Locate all lines in the data below that hold "translate" and show them.

————

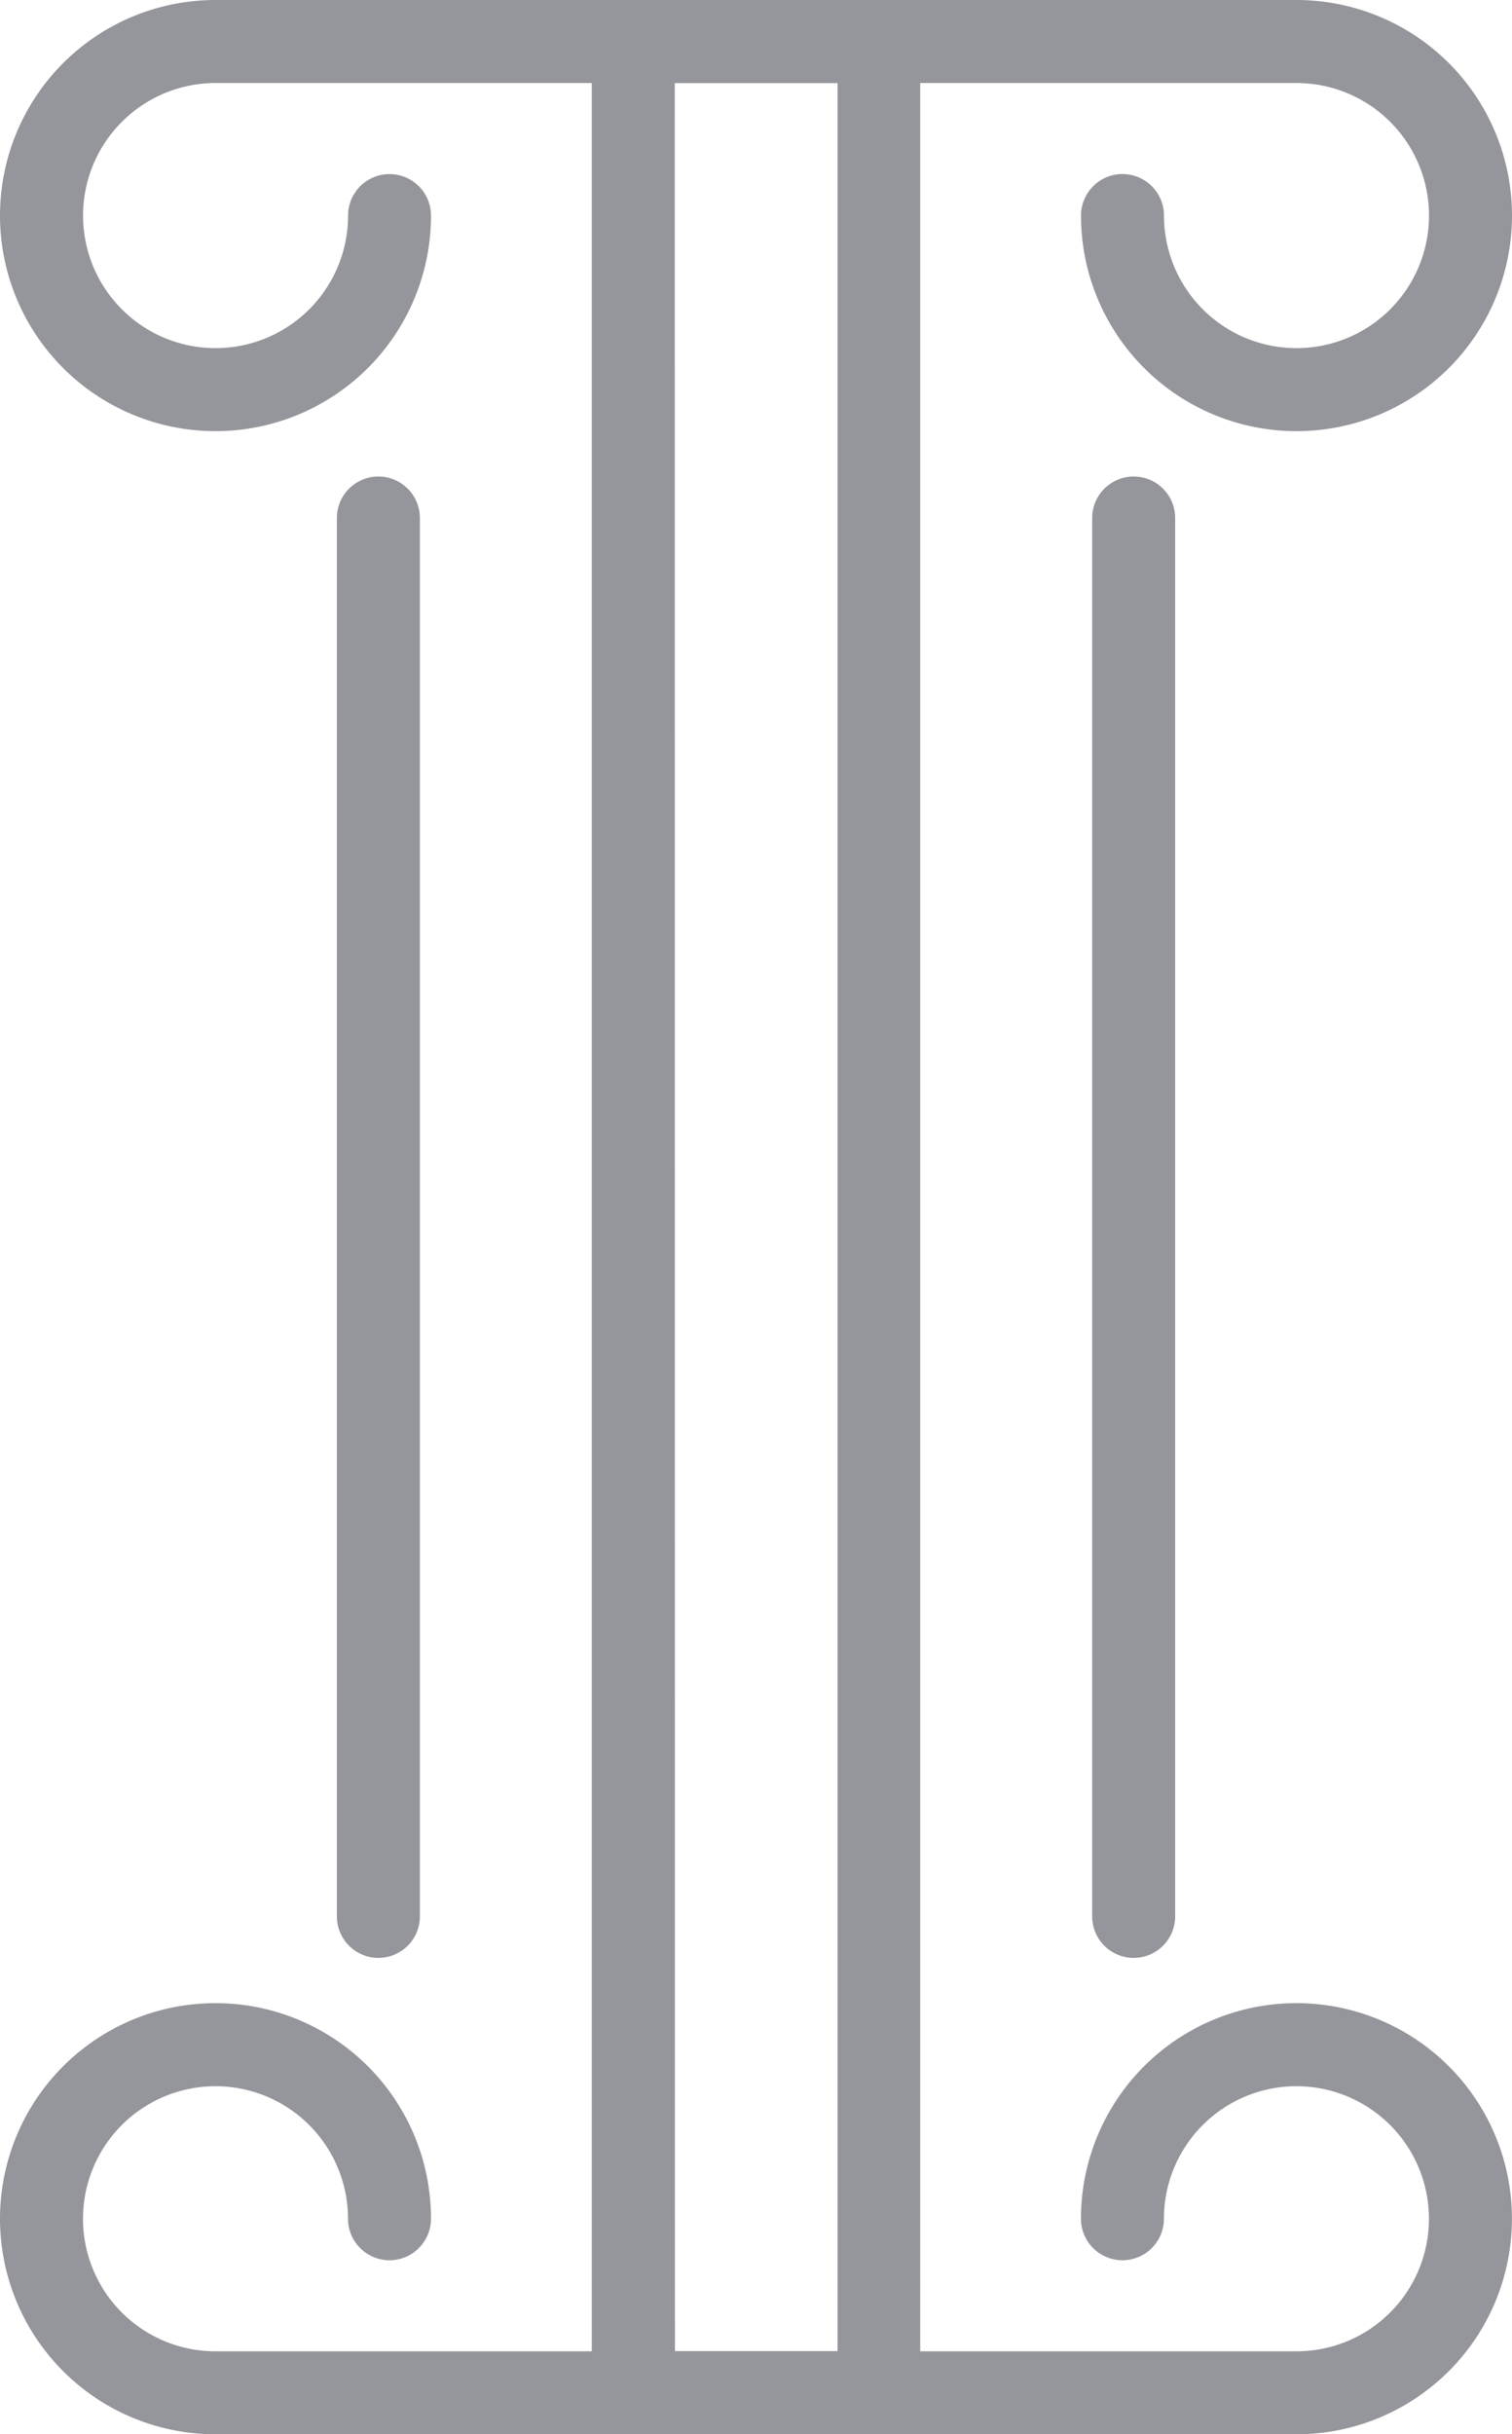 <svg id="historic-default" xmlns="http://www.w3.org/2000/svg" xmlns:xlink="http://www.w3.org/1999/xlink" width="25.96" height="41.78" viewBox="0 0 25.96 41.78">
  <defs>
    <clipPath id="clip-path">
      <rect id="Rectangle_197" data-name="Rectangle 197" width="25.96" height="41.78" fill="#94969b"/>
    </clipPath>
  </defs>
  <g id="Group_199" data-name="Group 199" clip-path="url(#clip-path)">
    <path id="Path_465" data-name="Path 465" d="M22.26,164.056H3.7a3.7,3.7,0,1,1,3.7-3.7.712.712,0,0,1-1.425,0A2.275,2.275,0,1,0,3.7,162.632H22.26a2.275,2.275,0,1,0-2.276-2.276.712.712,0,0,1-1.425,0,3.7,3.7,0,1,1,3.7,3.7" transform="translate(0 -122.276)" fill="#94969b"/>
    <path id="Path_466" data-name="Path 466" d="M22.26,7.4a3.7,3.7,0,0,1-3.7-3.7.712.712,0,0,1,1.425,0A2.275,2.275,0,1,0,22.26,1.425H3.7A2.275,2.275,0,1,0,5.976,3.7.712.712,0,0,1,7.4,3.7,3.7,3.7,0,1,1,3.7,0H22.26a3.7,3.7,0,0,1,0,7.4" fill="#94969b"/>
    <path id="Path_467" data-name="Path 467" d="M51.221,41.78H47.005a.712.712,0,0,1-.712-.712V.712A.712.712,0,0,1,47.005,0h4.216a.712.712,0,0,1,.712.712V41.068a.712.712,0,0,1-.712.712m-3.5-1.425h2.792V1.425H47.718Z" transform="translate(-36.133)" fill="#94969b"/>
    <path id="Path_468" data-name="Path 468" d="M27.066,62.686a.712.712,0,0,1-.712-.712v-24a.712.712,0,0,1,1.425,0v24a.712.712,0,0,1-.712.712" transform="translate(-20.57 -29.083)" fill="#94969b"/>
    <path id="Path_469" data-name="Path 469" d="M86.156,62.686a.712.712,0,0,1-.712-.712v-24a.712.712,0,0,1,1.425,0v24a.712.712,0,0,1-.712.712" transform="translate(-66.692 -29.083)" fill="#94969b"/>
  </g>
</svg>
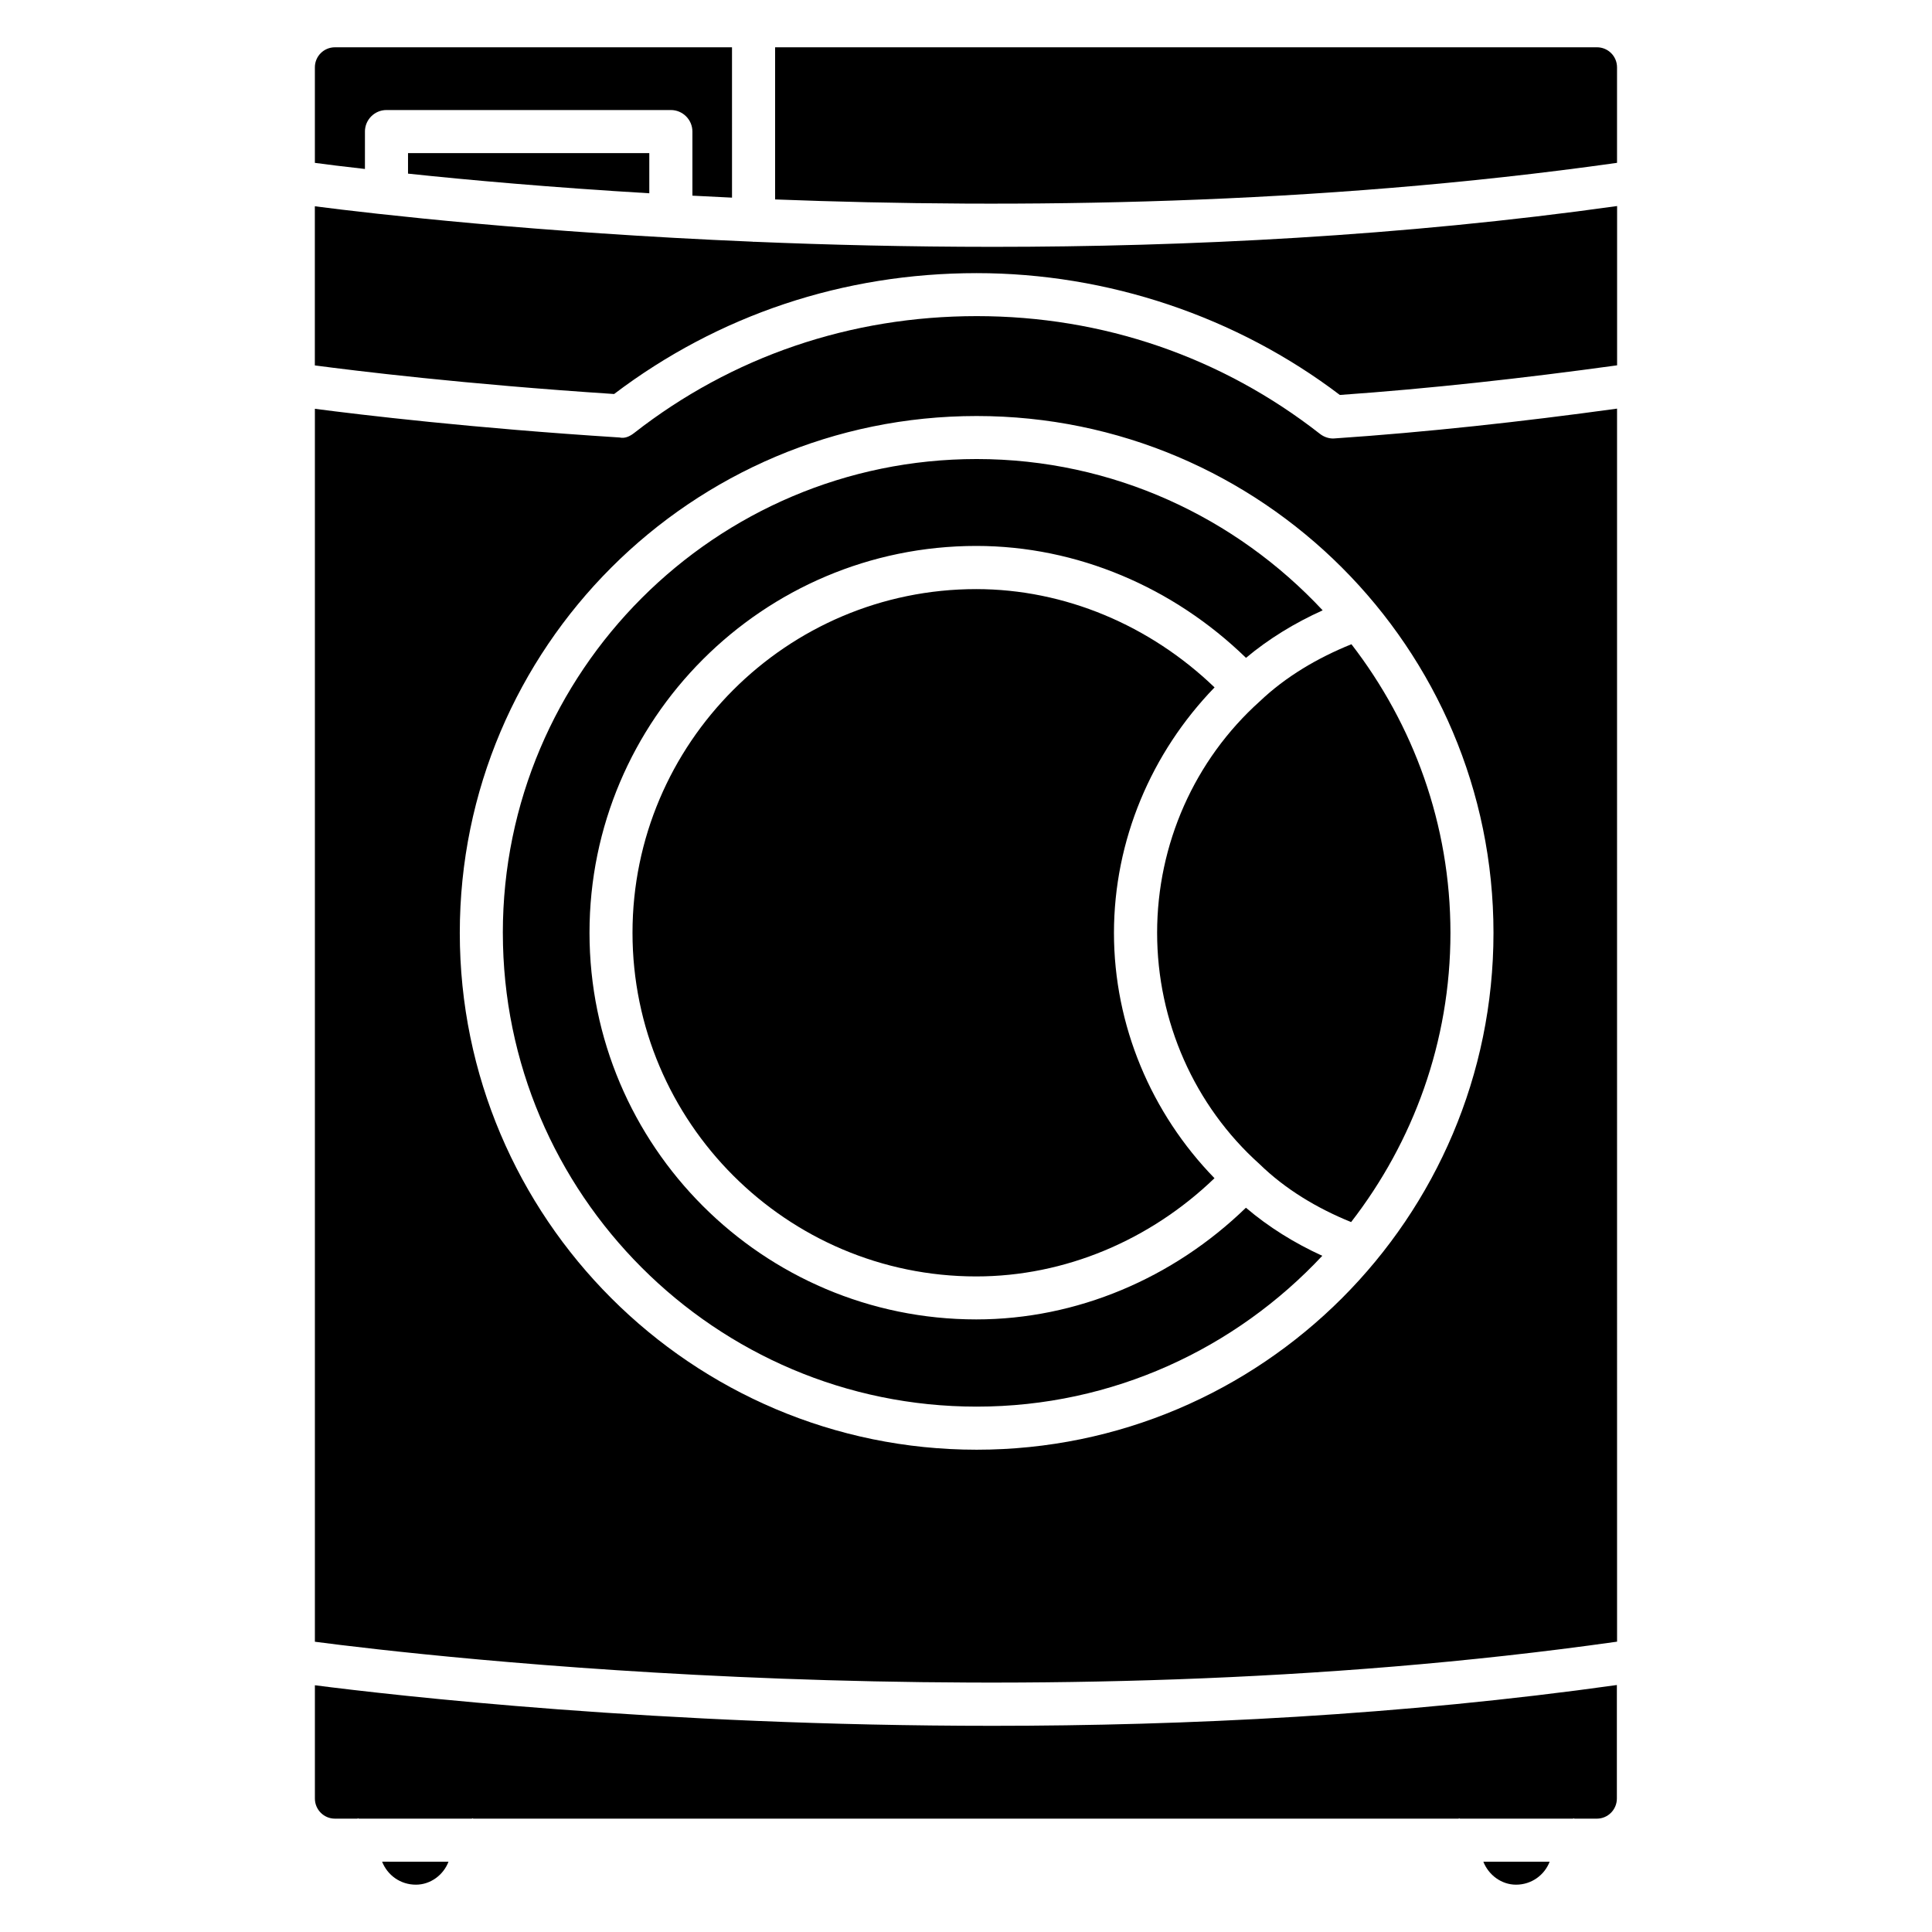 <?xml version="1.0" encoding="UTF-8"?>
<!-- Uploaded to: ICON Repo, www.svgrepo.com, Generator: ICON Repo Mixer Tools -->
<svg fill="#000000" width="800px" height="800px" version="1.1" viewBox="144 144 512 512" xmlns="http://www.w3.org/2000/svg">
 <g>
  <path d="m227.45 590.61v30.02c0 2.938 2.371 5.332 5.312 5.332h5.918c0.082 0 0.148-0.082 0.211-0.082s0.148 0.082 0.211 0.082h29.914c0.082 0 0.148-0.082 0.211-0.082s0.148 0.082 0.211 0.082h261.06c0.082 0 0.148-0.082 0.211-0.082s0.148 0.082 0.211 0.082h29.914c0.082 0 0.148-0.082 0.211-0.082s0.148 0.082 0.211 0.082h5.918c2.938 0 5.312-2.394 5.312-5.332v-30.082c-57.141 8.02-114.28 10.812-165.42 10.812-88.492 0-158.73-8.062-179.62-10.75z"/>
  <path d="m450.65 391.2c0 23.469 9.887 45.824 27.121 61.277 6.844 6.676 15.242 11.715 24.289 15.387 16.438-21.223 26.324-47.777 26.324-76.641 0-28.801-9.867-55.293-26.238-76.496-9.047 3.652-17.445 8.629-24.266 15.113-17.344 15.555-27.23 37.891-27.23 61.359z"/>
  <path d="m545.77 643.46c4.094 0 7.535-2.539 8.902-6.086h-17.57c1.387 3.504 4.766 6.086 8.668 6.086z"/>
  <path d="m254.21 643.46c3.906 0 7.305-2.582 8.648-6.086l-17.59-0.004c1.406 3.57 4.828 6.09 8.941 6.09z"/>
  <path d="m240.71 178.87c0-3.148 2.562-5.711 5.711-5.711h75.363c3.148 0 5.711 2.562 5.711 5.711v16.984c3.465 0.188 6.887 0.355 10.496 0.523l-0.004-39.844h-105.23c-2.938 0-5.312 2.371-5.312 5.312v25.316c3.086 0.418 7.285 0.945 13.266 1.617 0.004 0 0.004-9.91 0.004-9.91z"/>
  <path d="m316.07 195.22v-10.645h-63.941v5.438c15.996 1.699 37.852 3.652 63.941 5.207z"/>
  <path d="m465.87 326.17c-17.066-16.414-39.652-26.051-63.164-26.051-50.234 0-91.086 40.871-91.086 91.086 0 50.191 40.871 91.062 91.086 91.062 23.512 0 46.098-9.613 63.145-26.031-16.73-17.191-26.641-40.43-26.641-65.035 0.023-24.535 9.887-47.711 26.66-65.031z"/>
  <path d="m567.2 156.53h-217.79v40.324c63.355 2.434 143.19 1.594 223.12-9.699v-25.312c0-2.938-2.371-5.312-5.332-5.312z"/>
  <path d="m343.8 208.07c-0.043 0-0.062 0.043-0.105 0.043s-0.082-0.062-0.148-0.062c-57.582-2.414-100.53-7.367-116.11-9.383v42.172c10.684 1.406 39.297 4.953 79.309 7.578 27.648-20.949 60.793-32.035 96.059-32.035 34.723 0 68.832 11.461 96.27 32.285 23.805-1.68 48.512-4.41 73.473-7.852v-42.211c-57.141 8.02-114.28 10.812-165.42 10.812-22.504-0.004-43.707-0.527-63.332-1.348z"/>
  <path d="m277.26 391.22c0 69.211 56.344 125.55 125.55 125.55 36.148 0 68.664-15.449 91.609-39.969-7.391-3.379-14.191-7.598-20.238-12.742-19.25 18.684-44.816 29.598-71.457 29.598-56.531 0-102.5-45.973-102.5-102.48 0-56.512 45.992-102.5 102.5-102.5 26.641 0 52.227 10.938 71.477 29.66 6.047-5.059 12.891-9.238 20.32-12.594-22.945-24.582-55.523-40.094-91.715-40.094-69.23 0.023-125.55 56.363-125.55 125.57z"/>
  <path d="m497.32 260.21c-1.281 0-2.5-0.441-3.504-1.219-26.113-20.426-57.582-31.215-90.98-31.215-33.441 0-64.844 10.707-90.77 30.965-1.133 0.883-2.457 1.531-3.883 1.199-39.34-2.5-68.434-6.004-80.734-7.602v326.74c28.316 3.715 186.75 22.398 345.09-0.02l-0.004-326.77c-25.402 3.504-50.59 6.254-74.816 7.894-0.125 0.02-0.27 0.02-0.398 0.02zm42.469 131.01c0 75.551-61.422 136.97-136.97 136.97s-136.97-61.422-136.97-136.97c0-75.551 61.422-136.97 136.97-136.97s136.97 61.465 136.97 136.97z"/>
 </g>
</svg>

————

§ **Response area**:
    <path id="Path_465" data-name="Path 465" d="M22.26,164.056H3.7a3.7,3.7,0,1,1,3.7-3.7.712.712,0,0,1-1.425,0A2.275,2.275,0,1,0,3.7,162.632H22.26a2.275,2.275,0,1,0-2.276-2.276.712.712,0,0,1-1.425,0,3.7,3.7,0,1,1,3.7,3.7" transform="translate(0 -122.276)" fill="#94969b"/>
    <path id="Path_467" data-name="Path 467" d="M51.221,41.78H47.005a.712.712,0,0,1-.712-.712V.712A.712.712,0,0,1,47.005,0h4.216a.712.712,0,0,1,.712.712V41.068a.712.712,0,0,1-.712.712m-3.5-1.425h2.792V1.425H47.718Z" transform="translate(-36.133)" fill="#94969b"/>
    <path id="Path_468" data-name="Path 468" d="M27.066,62.686a.712.712,0,0,1-.712-.712v-24a.712.712,0,0,1,1.425,0v24a.712.712,0,0,1-.712.712" transform="translate(-20.57 -29.083)" fill="#94969b"/>
    <path id="Path_469" data-name="Path 469" d="M86.156,62.686a.712.712,0,0,1-.712-.712v-24a.712.712,0,0,1,1.425,0v24a.712.712,0,0,1-.712.712" transform="translate(-66.692 -29.083)" fill="#94969b"/>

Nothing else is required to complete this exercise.